Open oosavu opened 1 week ago

oosavu commented 1 week ago

Hi! I am trying to use Steel in my project (system for musical livecoding). I want to be able to create custom objects in Steel virtual machine similar to register_types.rs example file. But these objects must have access to another global object in my enviroment. But i do not understand how to do it right! I am not able to declare MyGlobalCoreObject as a global static value for my rust program (and it is antipattern of course...), so how to access it?

Here is simplified example:


struct MyGlobalCoreObject {}

impl MyGlobalCoreObject {
    fn my_global_function(parameter: &str) {}
}

struct MyLittleObject {}

impl MyLittleObject {
    pub fn new(name: &str) -> Self {
        // Here i want to have access to the MyGlobalCoreObject and call my_global_function(name).
        // How to pass it to the MyLittleObject constructor?
        // do we need to pass the MyGlobalCoreObject here too? How to do it? 
        MyLittleObject {}
    }
}

pub fn main() {
    let mut vm = Engine::new();
    vm.register_type::<MyLittleObject>("MyLittleObject?");
    vm.register_fn("MyLittleObject", MyLittleObject::new);
    let global_object: MyGlobalCoreObject = {};
    vm.register_external_value("global_object", global_object)
        .unwrap();

    // how to implicitly pass the global_object here?
    vm
        .compile_and_run_raw_program(
            r#"
            (define my_little_object (MyLittleObject "foobarbaz"))
            "last-result"
        "#,
        );
}
mattwparas commented 1 week ago

The reason this is a bit silly mostly has to do with registered functions not having direct access to the steel runtime - they're more or less pure. There are ways to do that but I wouldn't consider those stable enough to rely upon.

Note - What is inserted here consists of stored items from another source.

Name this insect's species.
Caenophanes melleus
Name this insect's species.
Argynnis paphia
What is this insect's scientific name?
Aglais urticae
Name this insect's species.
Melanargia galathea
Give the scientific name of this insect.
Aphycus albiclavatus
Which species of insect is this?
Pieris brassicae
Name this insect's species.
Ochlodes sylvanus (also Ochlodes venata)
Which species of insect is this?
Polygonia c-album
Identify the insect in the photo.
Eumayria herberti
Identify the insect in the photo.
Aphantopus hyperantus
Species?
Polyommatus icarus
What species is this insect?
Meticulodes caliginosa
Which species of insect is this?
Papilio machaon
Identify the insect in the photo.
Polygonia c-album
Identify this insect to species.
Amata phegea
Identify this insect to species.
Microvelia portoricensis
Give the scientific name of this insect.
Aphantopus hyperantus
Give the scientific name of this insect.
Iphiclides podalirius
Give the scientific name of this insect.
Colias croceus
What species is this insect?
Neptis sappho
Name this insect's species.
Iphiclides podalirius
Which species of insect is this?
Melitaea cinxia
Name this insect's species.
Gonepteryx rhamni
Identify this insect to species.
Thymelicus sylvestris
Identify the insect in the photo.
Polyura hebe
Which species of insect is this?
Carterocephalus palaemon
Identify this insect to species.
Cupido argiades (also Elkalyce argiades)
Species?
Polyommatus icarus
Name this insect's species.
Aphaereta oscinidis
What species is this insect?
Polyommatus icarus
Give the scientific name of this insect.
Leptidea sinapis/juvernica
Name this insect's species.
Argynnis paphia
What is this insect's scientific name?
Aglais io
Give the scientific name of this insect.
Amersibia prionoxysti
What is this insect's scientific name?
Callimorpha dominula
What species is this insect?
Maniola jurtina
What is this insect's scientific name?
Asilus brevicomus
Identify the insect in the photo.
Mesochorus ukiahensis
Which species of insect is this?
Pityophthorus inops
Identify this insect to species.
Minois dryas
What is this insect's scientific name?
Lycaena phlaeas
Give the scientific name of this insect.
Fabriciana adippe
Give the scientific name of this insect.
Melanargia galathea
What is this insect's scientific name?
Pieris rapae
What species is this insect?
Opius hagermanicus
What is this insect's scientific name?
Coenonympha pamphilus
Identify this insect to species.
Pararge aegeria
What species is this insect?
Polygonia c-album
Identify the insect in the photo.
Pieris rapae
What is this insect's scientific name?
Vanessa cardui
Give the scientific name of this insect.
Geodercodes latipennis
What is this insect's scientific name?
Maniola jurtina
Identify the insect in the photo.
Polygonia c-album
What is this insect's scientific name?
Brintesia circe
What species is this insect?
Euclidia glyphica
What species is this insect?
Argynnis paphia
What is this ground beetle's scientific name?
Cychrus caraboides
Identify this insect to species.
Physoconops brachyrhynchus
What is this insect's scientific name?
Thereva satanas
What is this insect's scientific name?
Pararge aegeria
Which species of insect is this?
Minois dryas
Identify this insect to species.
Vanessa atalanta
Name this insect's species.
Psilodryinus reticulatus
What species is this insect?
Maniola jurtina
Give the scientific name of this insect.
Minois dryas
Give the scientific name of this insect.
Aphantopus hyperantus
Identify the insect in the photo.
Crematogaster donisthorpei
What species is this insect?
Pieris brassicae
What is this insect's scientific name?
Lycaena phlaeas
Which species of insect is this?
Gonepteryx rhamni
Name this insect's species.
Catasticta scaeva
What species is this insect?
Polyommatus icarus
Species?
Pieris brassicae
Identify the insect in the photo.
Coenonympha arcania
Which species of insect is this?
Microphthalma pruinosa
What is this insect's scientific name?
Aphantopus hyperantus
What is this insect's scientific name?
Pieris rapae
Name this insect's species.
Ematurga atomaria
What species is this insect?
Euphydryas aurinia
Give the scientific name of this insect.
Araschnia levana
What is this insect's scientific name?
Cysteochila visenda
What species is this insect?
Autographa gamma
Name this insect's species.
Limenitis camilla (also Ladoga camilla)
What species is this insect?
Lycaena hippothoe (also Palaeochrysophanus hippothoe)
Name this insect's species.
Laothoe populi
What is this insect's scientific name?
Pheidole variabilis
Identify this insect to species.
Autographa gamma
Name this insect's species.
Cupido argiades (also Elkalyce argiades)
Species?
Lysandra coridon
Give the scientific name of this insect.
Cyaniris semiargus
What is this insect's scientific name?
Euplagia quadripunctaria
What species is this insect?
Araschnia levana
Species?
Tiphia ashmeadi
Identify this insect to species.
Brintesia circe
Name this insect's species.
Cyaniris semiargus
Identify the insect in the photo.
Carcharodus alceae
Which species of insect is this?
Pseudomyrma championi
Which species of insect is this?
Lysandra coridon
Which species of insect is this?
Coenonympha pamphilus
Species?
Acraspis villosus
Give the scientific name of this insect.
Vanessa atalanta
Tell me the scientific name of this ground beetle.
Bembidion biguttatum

So, alternatively, there are two ways to go about this. You can handle it in rust space, or you can handle it in user space within some steel boiler plate. Both have their trade offs, but here are both in the event you choose to go with one over the other:

Handling this in user space:

;; Define functions in steel code that pass the object through
;; manually, and just have the global object and functions be registered
;; in a module and use those.
(define (MyLittleObject name)
     (#%MyLittleObject #%global-object name))

This approach would require that all of your functions accept the global object as well as the additional parameters, and then you handle wrapping them up in steel code.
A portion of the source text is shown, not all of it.